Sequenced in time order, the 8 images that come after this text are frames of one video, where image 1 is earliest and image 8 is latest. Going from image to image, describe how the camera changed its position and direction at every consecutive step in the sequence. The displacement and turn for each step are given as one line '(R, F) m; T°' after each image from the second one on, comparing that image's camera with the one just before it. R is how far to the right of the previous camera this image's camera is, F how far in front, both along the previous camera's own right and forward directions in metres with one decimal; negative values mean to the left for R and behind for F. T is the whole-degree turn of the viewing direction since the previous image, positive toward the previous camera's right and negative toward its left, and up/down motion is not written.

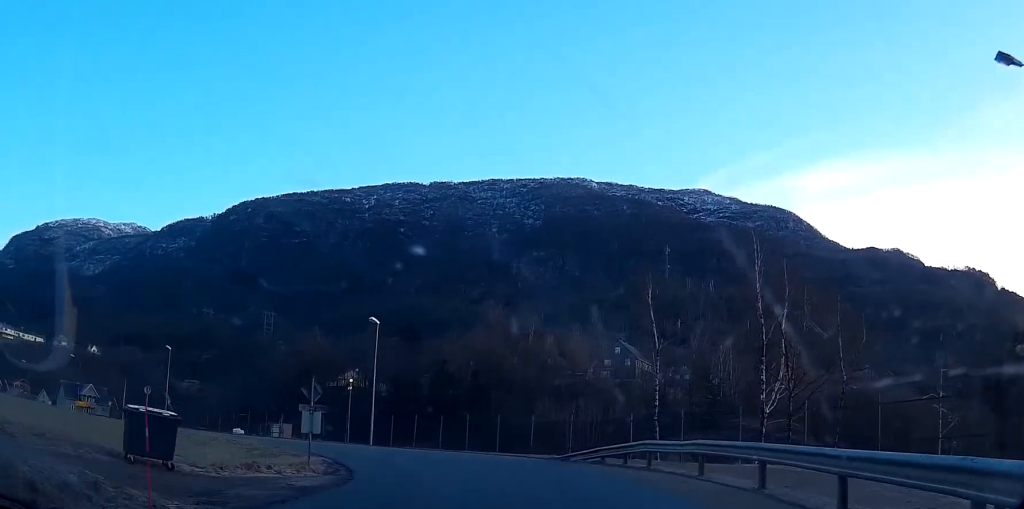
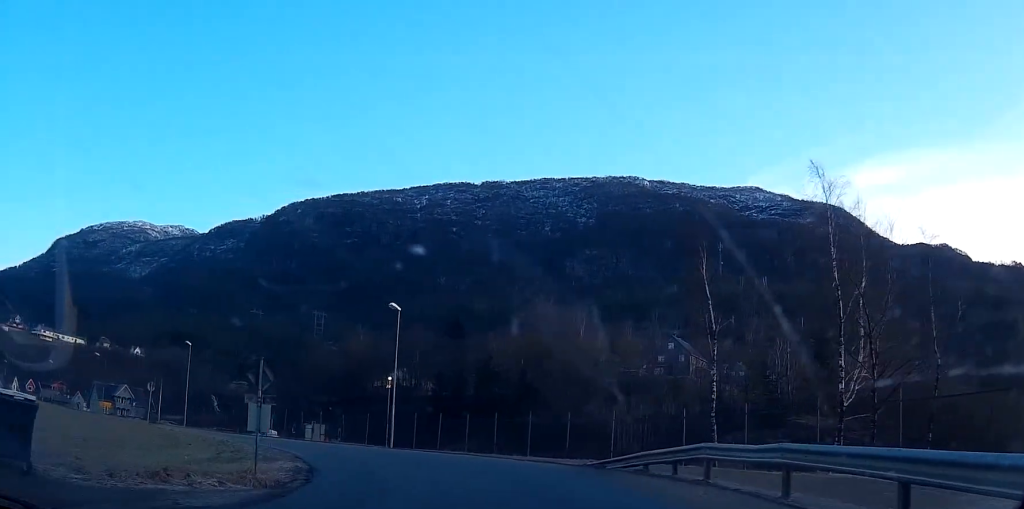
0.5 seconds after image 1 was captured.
(+0.2, +5.9) m; -2°
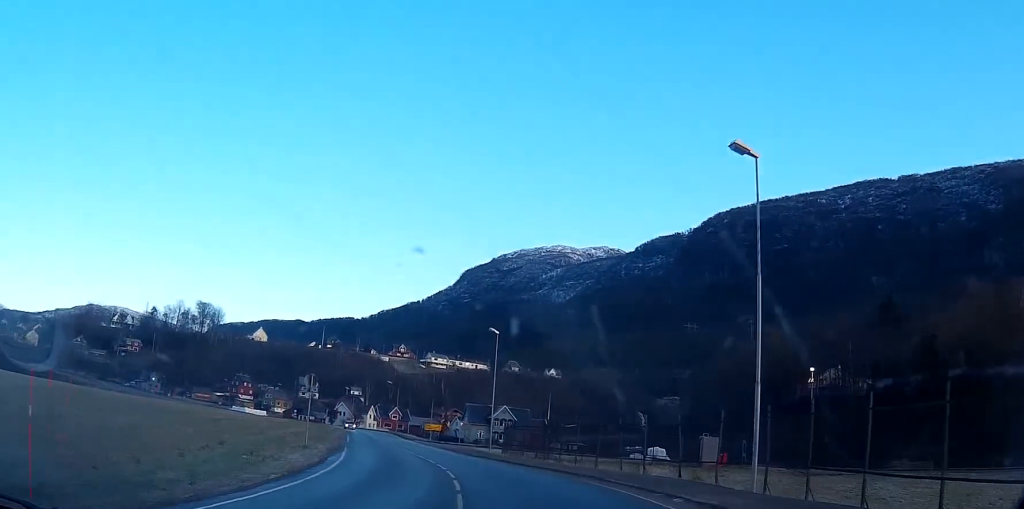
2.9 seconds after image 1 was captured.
(-6.1, +26.2) m; -30°
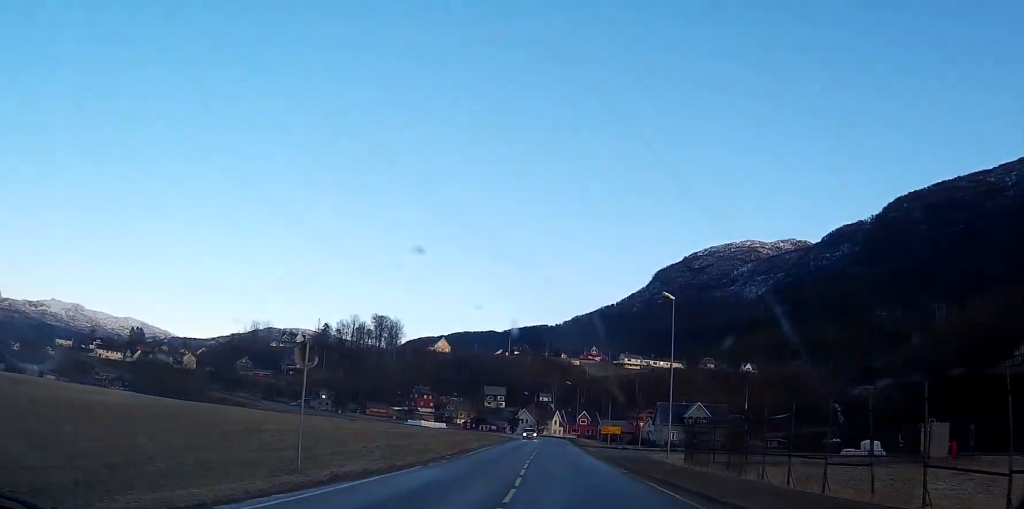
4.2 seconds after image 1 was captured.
(-2.1, +13.6) m; -14°
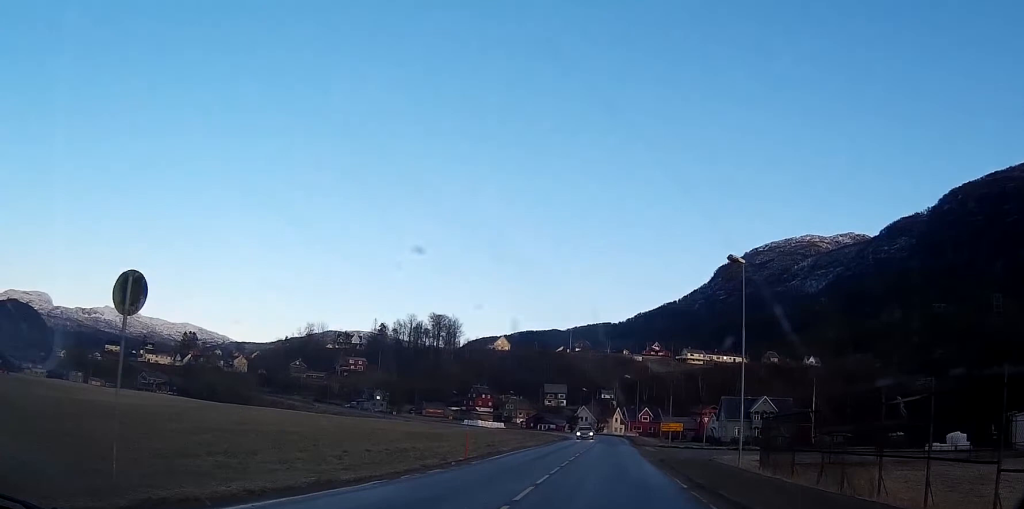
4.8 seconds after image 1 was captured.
(-0.4, +7.7) m; -4°
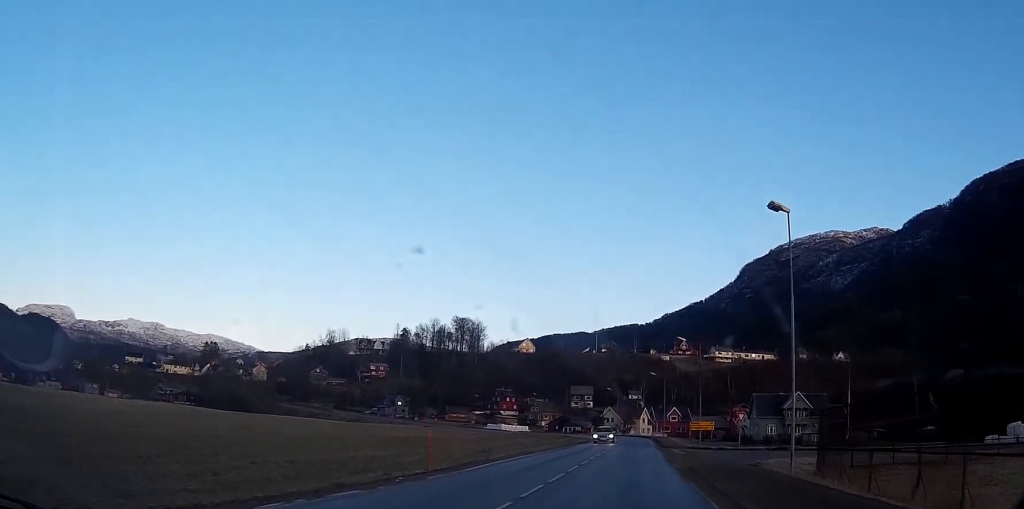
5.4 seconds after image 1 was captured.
(-0.2, +7.1) m; -2°
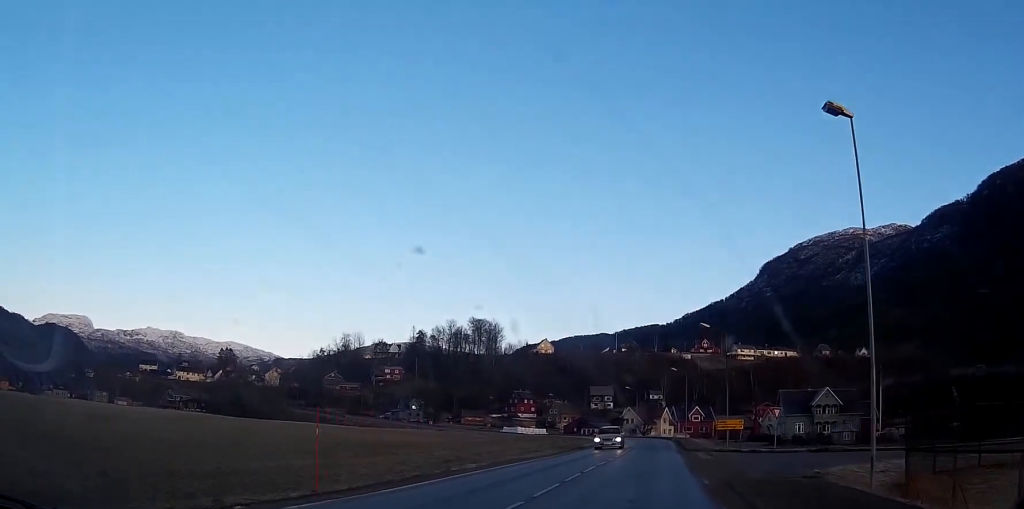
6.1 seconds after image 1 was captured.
(-0.2, +7.9) m; -1°
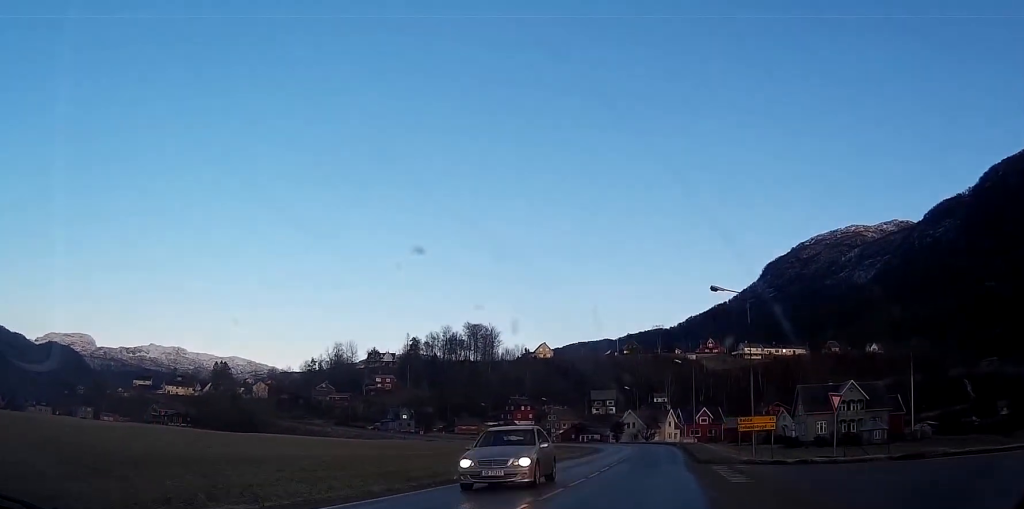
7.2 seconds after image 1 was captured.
(-0.2, +15.1) m; -1°

TASK BRIEF: Quote the material in full and exactly; do not carry over its pictures.

SOLUTION TO THE PROBLEM:
Sequenced in time order, the 8 images that come after this text are frames of one video, where image 1 is earliest and image 8 is latest. Going from image to image, describe how the camera changed its position and direction at every consecutive step in the sequence. The displacement and turn for each step are given as one line '(R, F) m; T°' after each image from the second one on, comparing that image's camera with the one just before it. R is how far to the right of the previous camera this image's camera is, F how far in front, both along the previous camera's own right and forward directions in metres with one decimal; negative values mean to the left for R and behind for F. T is the whole-degree turn of the viewing direction since the previous image, positive toward the previous camera's right and negative toward its left, and up/down motion is not written.

0.5 seconds after image 1 was captured.
(+0.2, +5.9) m; -2°
2.9 seconds after image 1 was captured.
(-6.1, +26.2) m; -30°
4.2 seconds after image 1 was captured.
(-2.1, +13.6) m; -14°
4.8 seconds after image 1 was captured.
(-0.4, +7.7) m; -4°
5.4 seconds after image 1 was captured.
(-0.2, +7.1) m; -2°
6.1 seconds after image 1 was captured.
(-0.2, +7.9) m; -1°
7.2 seconds after image 1 was captured.
(-0.2, +15.1) m; -1°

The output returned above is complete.